__EXERCISE DETAILS__. An exact copy of every record is needed, with all pictures omitted.

═══ DATA SUPPLIED

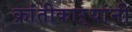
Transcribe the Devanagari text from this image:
क्रांतीकाऱ्यांनी
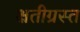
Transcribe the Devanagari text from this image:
क्षतीग्रस्त
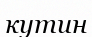
кутин
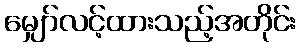
မျှော်လင့်ထားသည့်အတိုင်း
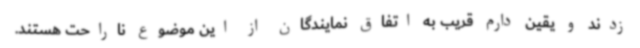
زدند و یقین دارم قریب به اتفاق نمایندگان از این موضوع ناراحت هستند.
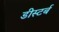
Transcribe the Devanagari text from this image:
डीस्टर्ब
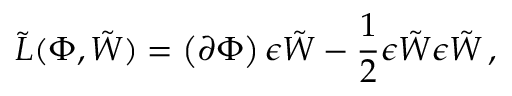
{ \tilde { L } } ( \Phi , \tilde { W } ) = \left( \partial \Phi \right) \epsilon \tilde { W } - \frac { 1 } { 2 } \epsilon \tilde { W } \epsilon \tilde { W } \, ,
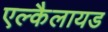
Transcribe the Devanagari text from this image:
एल्कैलायड
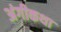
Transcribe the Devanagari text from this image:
अंगीकथा
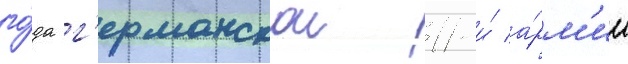
го́да г'ерманскои 11-и́ а́рм'ии
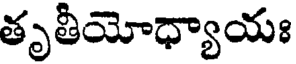
తృతీయోధ్యాయః
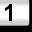
Digit: 1
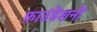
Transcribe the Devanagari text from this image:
फ़ाउंडेशनों
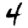
Digit: 4
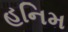
હનિમ
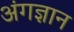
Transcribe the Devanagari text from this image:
अंगज्ञान
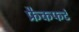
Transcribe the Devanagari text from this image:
फ्रैकफर्ट
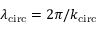
\lambda _ { \mathrm { c i r c } } = 2 \pi / k _ { \mathrm { c i r c } }
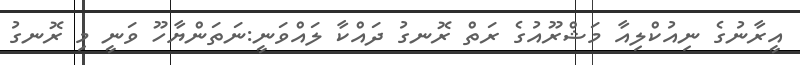
އީރާނުގެ ނިއުކްލިއާ މަޝްރޫއުގެ ރަތް ރޮނގު ދައްކާ ލައްވަނީ:ނަތަންޔާހޫ ވަނީ މި ރޮނގު
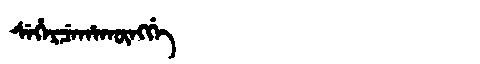
Manchu: ᠰᡝᡥᡝᡵᠴᡝᡥᠠᡴᡡᠩᡤᡝ
Romanization: SEHERCEHAKŪNGGE
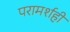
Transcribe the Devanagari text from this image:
परामर्शही
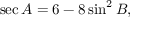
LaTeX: \sec A = 6 - 8 \sin ^ { 2 } B ,
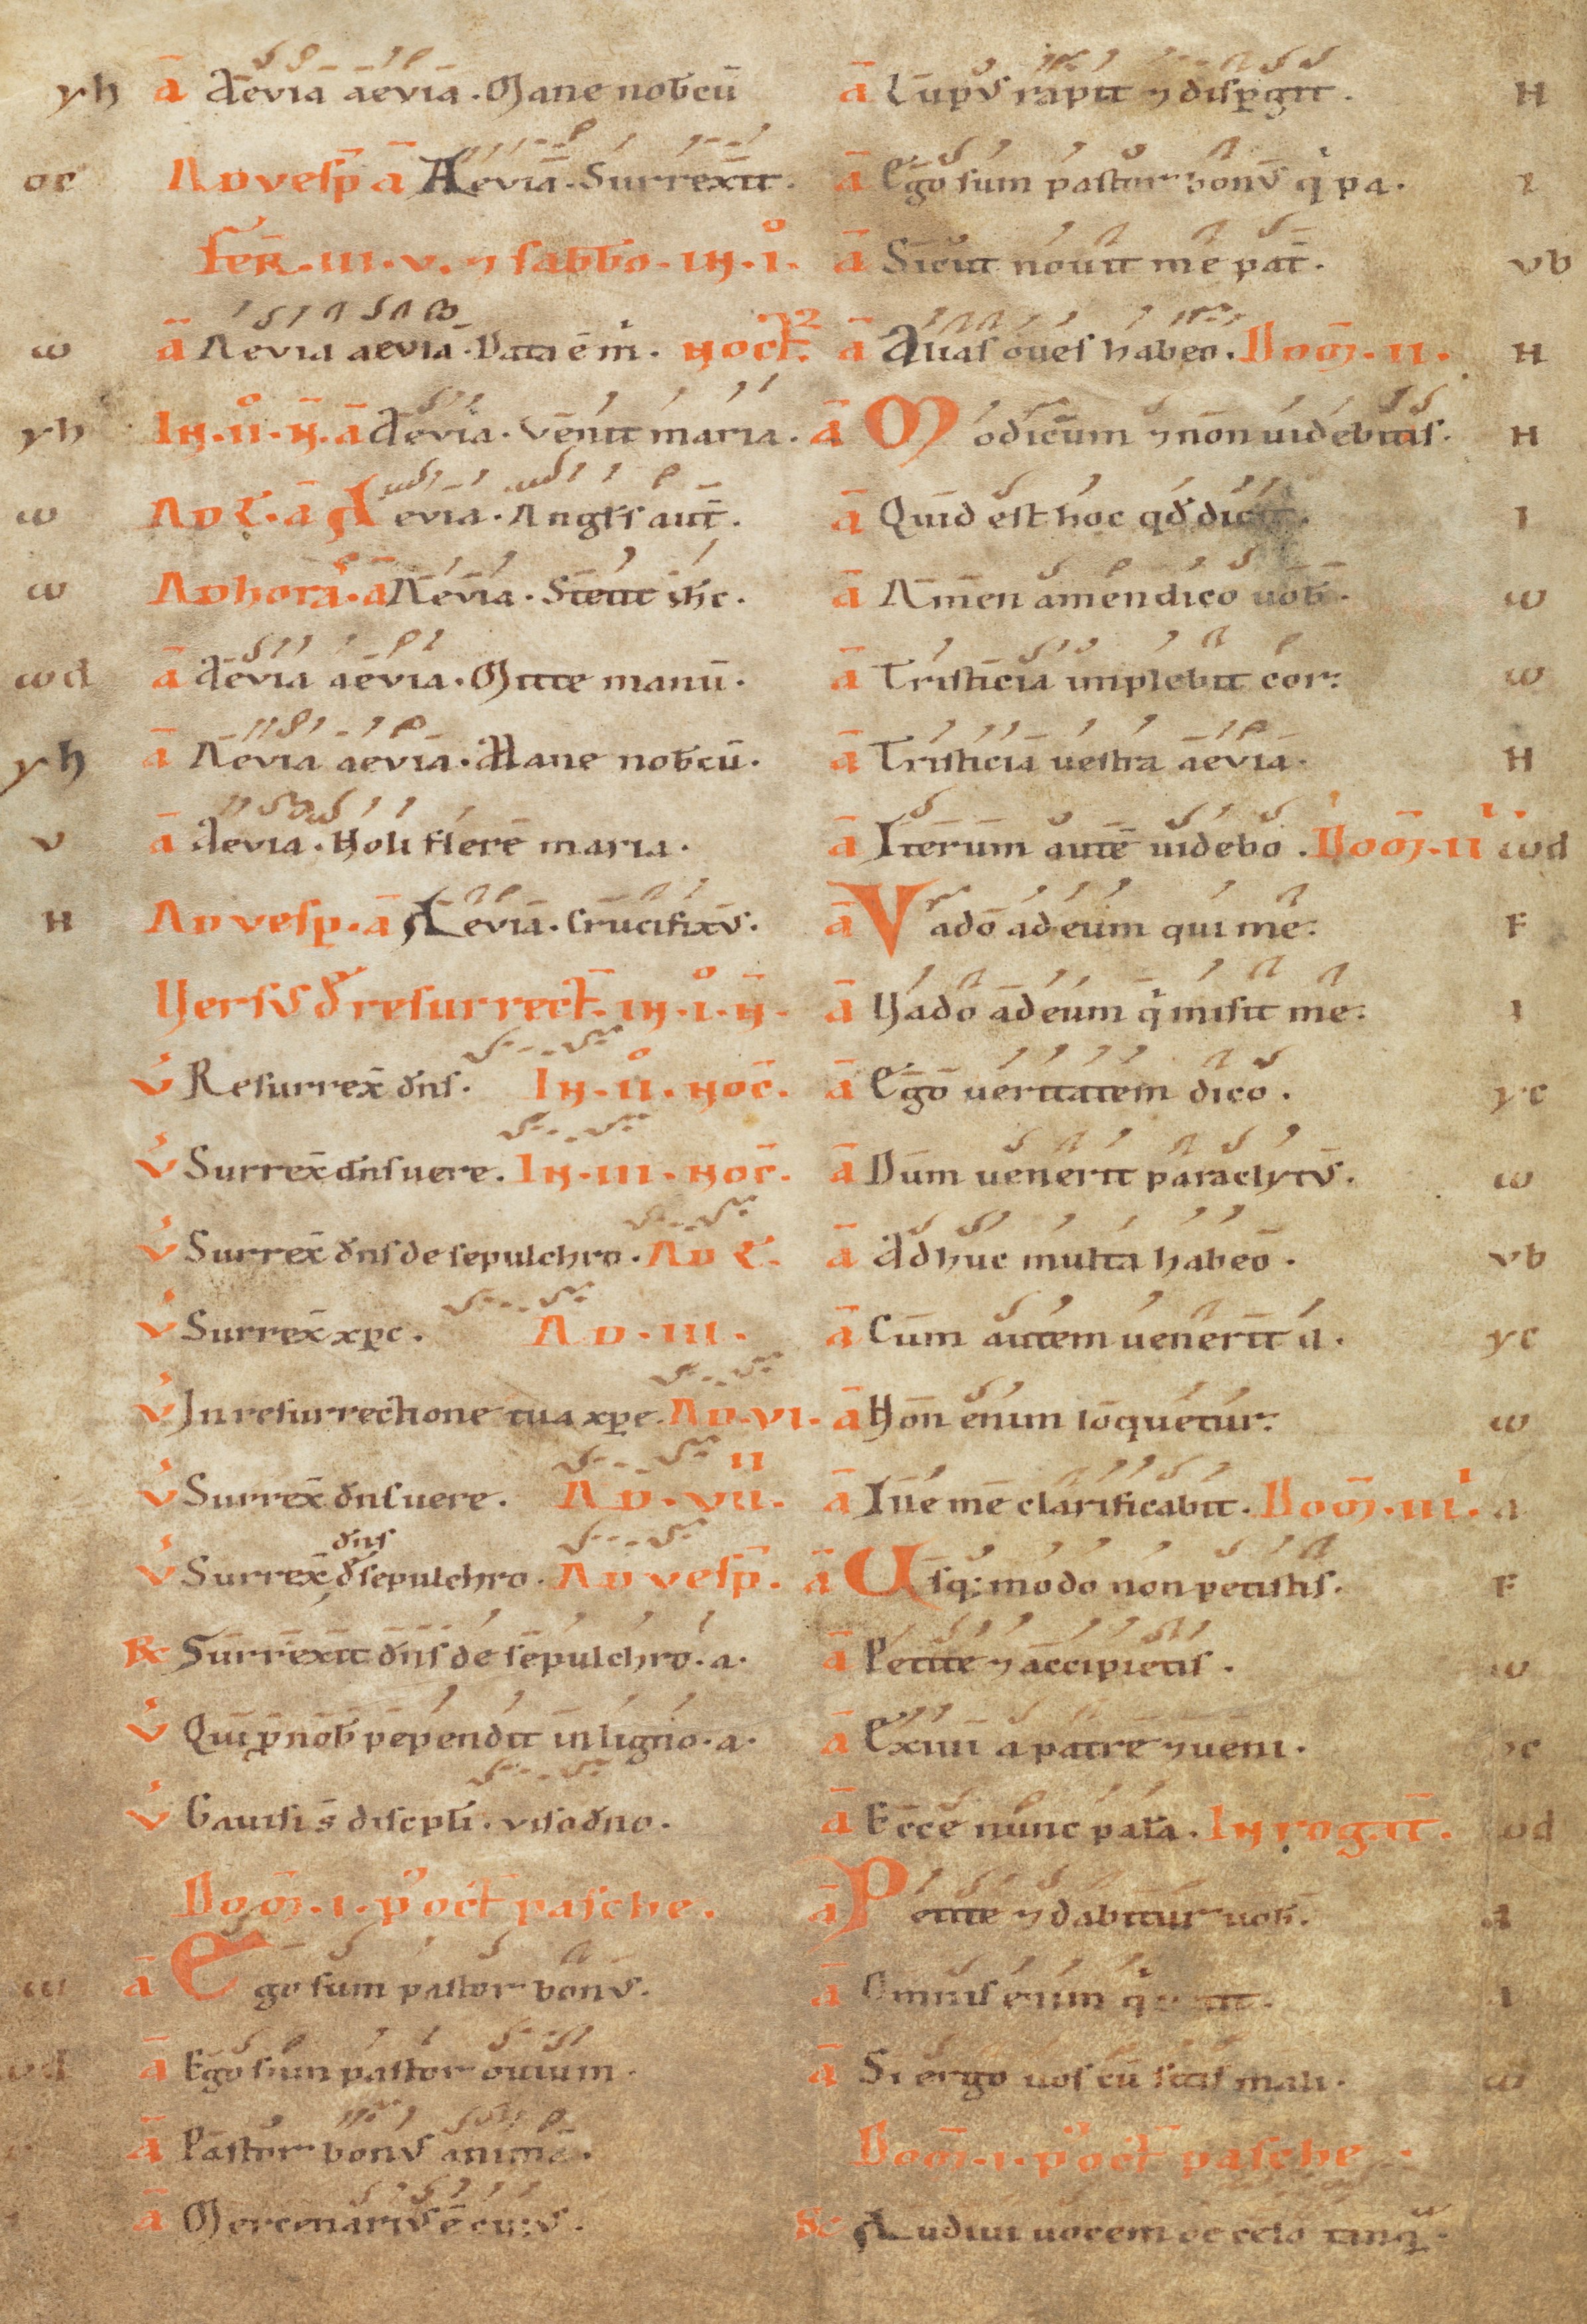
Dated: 1100–1199

══════

__ANSWER SECTION__.
Transcribe the Devanagari text from this image:
क्रांतीकाऱ्यांनी
Transcribe the Devanagari text from this image:
क्षतीग्रस्त
кутин
မျှော်လင့်ထားသည့်အတိုင်း
زدند و یقین دارم قریب به اتفاق نمایندگان از این موضوع ناراحت هستند.
Transcribe the Devanagari text from this image:
डीस्टर्ब
{ \tilde { L } } ( \Phi , \tilde { W } ) = \left( \partial \Phi \right) \epsilon \tilde { W } - \frac { 1 } { 2 } \epsilon \tilde { W } \epsilon \tilde { W } \, ,
Transcribe the Devanagari text from this image:
एल्कैलायड
Transcribe the Devanagari text from this image:
अंगीकथा
го́да г'ерманскои 11-и́ а́рм'ии
తృతీయోధ్యాయః
Digit: 1
Transcribe the Devanagari text from this image:
फ़ाउंडेशनों
Digit: 4
હનિમ
Transcribe the Devanagari text from this image:
अंगज्ञान
Transcribe the Devanagari text from this image:
फ्रैकफर्ट
\lambda _ { \mathrm { c i r c } } = 2 \pi / k _ { \mathrm { c i r c } }
އީރާނުގެ ނިއުކްލިއާ މަޝްރޫއުގެ ރަތް ރޮނގު ދައްކާ ލައްވަނީ:ނަތަންޔާހޫ ވަނީ މި ރޮނގު
Manchu: ᠰᡝᡥᡝᡵᠴᡝᡥᠠᡴᡡᠩᡤᡝ
Romanization: SEHERCEHAKŪNGGE
Transcribe the Devanagari text from this image:
परामर्शही
LaTeX: \sec A = 6 - 8 \sin ^ { 2 } B ,
Dated: 1100–1199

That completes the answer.